Derivation of the Spin Memory Effect
1. The Observable: Velocity Circulation
Consider a ring of freely falling test particles on a closed curve $\mathcal{C}$ embedded in a 2-sphere at large radius $r \gg GM/c^2$ near future null infinity $\mathscr{I}^+$. Define the velocity circulation around this loop:
$$\Gamma(\mathcal{C}) = \oint_{\mathcal{C}} \dot{x}^A \, dl_A$$
where $\dot{x}^A$ is the transverse velocity of a particle (the angular components $A \in \{\theta, \phi\}$) and $dl_A$ is the line element along $\mathcal{C}$. By Stokes' theorem on $S^2$:
$$\Gamma(\mathcal{C}) = \oint_{\mathcal{C}} v_A \, dx^A = \int_{\Sigma} \epsilon^{AB} D_A v_B \, d^2\Sigma$$
The integrand $\epsilon^{AB} D_A v_B$ is the curl of the velocity field. This is precisely why the circulation detects the magnetic-parity (B-mode, odd-parity) component of the gravitational wave field. An E-mode (gradient) perturbation produces $v_A = D_A \Phi$ for some scalar $\Phi$, and $\epsilon^{AB} D_A D_B \Phi = 0$ identically on $S^2$, so the circulation vanishes for purely electric modes.

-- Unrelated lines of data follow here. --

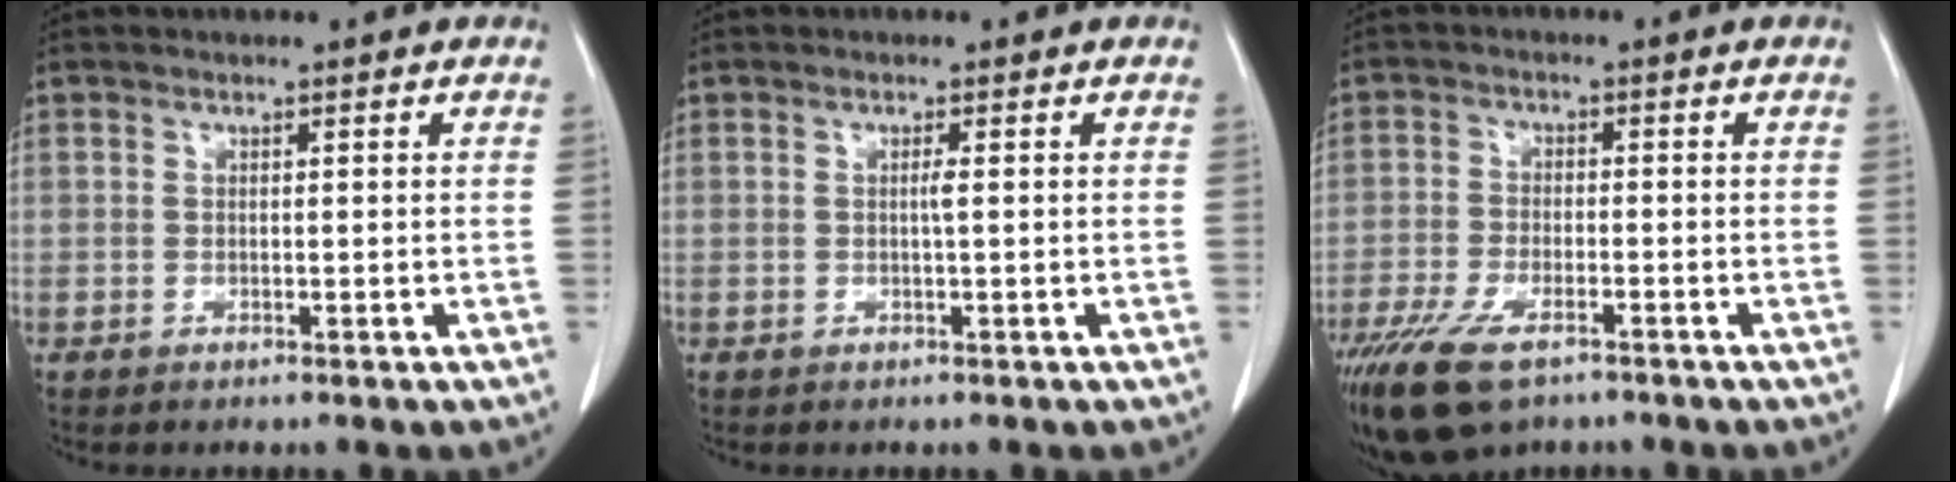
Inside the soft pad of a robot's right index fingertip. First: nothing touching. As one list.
[{"total": 0.8, "force": [0.0, -0.2, 0.8], "torque": [-0.015, -0.001, -0.001]}, {"total": 9.4, "force": [-6.3, 3.6, 6.0], "torque": [-0.119, -0.018, -0.109]}]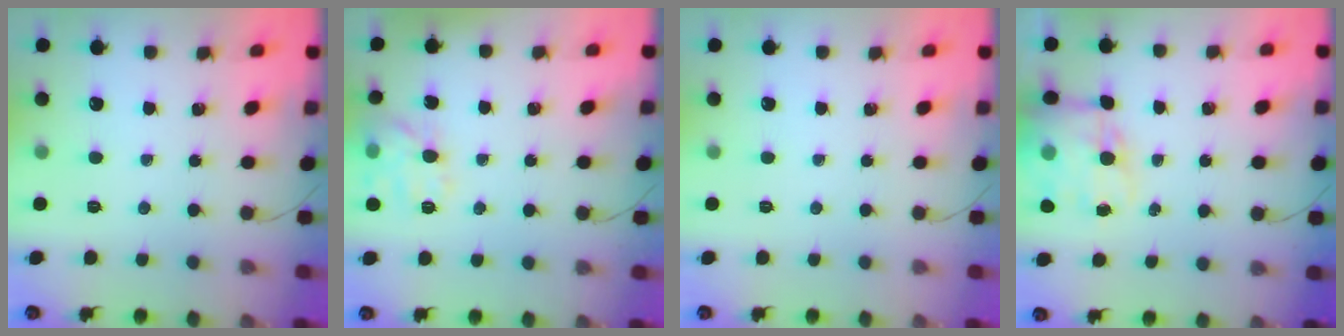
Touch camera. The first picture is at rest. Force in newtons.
{"total": 9.4, "press": 9.4, "slide": 0.4}
{"total": 0.0}
{"total": 14.9, "press": 14.5, "slide": 3.5}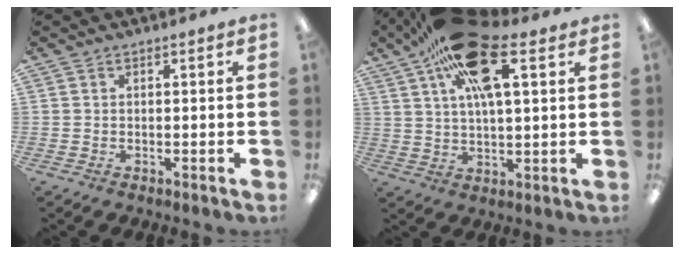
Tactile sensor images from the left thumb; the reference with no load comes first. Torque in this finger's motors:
{"motor_torque": [2.24, -1.19, 2.31, -0.44, 0.62]}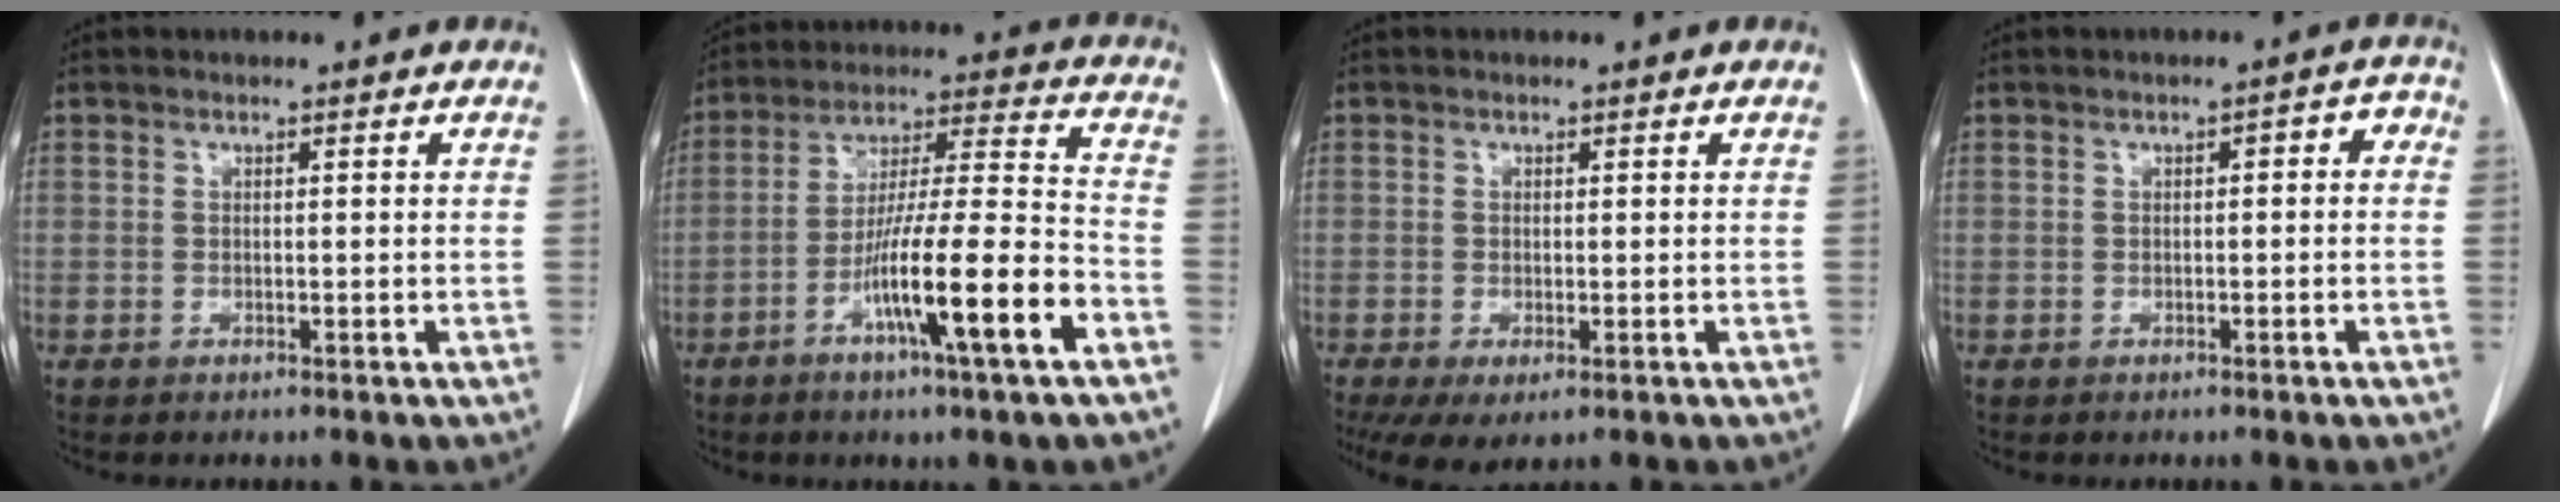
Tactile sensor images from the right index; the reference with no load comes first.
{"total": 15.8, "force": [-7.0, 0.0, 14.2], "torque": [-0.248, -0.007, -0.119]}
{"total": 5.5, "force": [-3.1, 2.2, 4.0], "torque": [-0.064, -0.018, -0.047]}
{"total": 2.6, "force": [-0.1, 1.2, 2.3], "torque": [-0.027, 0.020, -0.004]}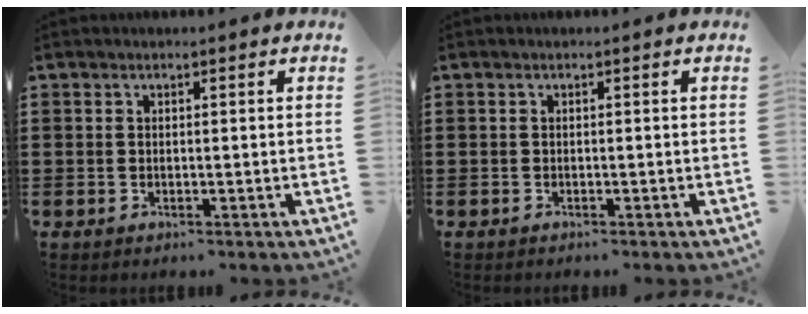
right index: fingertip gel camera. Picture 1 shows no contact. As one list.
[{"total": 0.0}]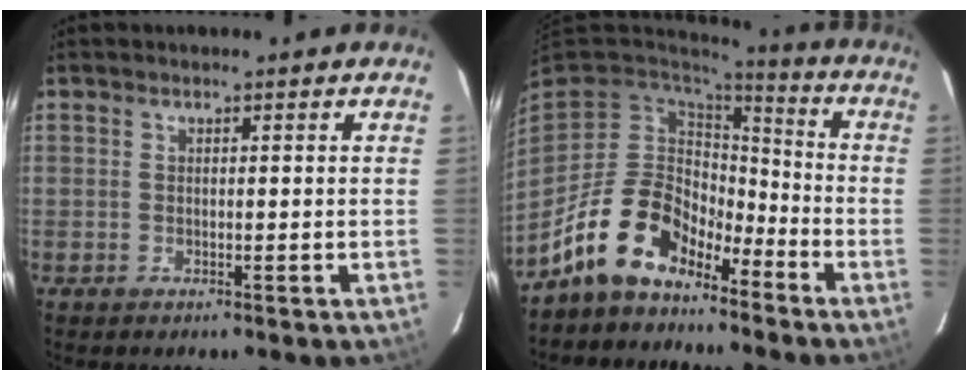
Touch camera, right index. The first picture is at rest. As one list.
[{"total": 14.3, "force": [-9.7, 7.8, 7.0], "torque": [-0.152, 0.014, -0.166]}]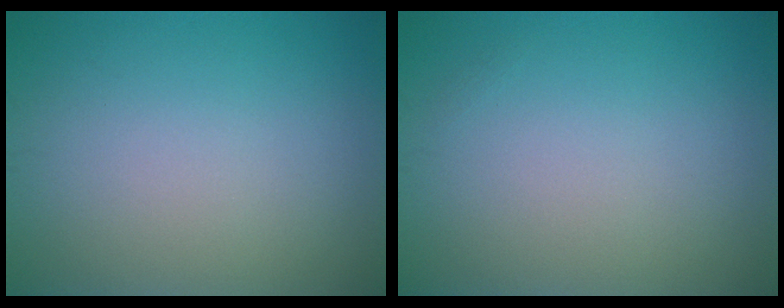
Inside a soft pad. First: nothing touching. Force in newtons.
{"total": 0.0}

2. Geodesic Equation at O(1/r) in Bondi Coordinates
Work in Bondi coordinates $(u, r, x^A)$ where the metric takes the asymptotic form:
$$ds^2 = -du^2 - 2\,du\,dr + r^2 \gamma_{AB}\,dx^A dx^B + \frac{2m_B}{r}\,du^2 + r\,C_{AB}\,dx^A dx^B + D^B C_{AB}\,du\,dx^A + \ldots$$
The relevant Christoffel symbols at leading order in $1/r$ are:
$$\Gamma^A_{uu} = -\frac{1}{2r}\,\partial_u(D^B C_{AB}) + \mathcal{O}(r^{-2}), \qquad \Gamma^A_{uB} = \frac{1}{2}\,N^A{}_B + \mathcal{O}(r^{-1})$$
where $N_{AB} = \partial_u C_{AB}$ is the Bondi news tensor. For a particle initially at rest ($\dot{r} = 0$, $\dot{x}^A = 0$ at early times), the geodesic equation$\ddot{x}^\mu + \Gamma^\mu_{\alpha\beta}\dot{x}^\alpha\dot{x}^\beta = 0$ gives, at leading order with $\dot{u} \approx 1$:
$$\ddot{x}^A + \Gamma^A_{uu} + 2\,\Gamma^A_{uB}\,\dot{x}^B = 0$$
Writing $v_A = g_{AB}\dot{x}^B$ for the covariant transverse velocity and keeping only $\mathcal{O}(1/r)$ terms:
$$\partial_u v_A = \frac{1}{2}\,N_{AB}\,v^B + \frac{1}{2}\,\partial_u(D^B C_{BA}) + \mathcal{O}(r^{-2})$$
The first term is the news-velocity coupling (linear in $v^B$), and the second is the metric drift from the $g_{uA}$ component at $\mathcal{O}(1/r)$. Identifying$g_{uA}|_{1/r} = \frac{1}{2}D^B C_{BA}$, we can write:
$$\partial_u v_A = \frac{1}{2}\,N_{AB}\,v^B + \partial_u\!\left(g_{uA}\big|_{\mathcal{O}(r^{-1})}\right)$$
3. Integration from $u = -\infty$ to $u = +\infty$
Integrate both sides over the full burst duration. The boundary conditions are:$v_A(-\infty) = 0$ (particles at rest before the wave), and$C_{AB}(-\infty) = C_{AB}^{(-)}$, $C_{AB}(+\infty) = C_{AB}^{(+)}$. Thus:
$$v_A(+\infty) = \frac{1}{2}\int_{-\infty}^{+\infty} N_{AB}\,v^B\,du + \frac{1}{2}\Delta(D^B C_{BA})$$
where $\Delta(D^B C_{BA}) = D^B C_{BA}^{(+)} - D^B C_{BA}^{(-)}$. The first integral is nonlinear (it involves $v^B$, which itself evolves), so we iterate: at leading order,$v^B$ is $\mathcal{O}(1/r)$, and $N_{AB}$ is also $\mathcal{O}(1/r)$, so the integral is $\mathcal{O}(1/r^2)$. The dominant contribution to the transverse velocity is:
$$v_A^{(1)}(+\infty) = \frac{1}{2}\,\Delta(D^B C_{BA})$$
However, the angular momentum aspect $N_A$ also contributes at $\mathcal{O}(1/r)$ through the subleading metric. Carefully tracking all $\mathcal{O}(1/r)$ terms (Pasterski, Strominger, Zhiboedov 2016):
$$v_A(+\infty) = \frac{1}{2r}\,\Delta(D^B C_{BA}) + \frac{1}{3r}\,\Delta N_A + \mathcal{O}(r^{-2})$$
4. Applying the Curl Operator
Apply $\epsilon^{AB}D_A$ to extract the magnetic-parity part. Consider each term separately.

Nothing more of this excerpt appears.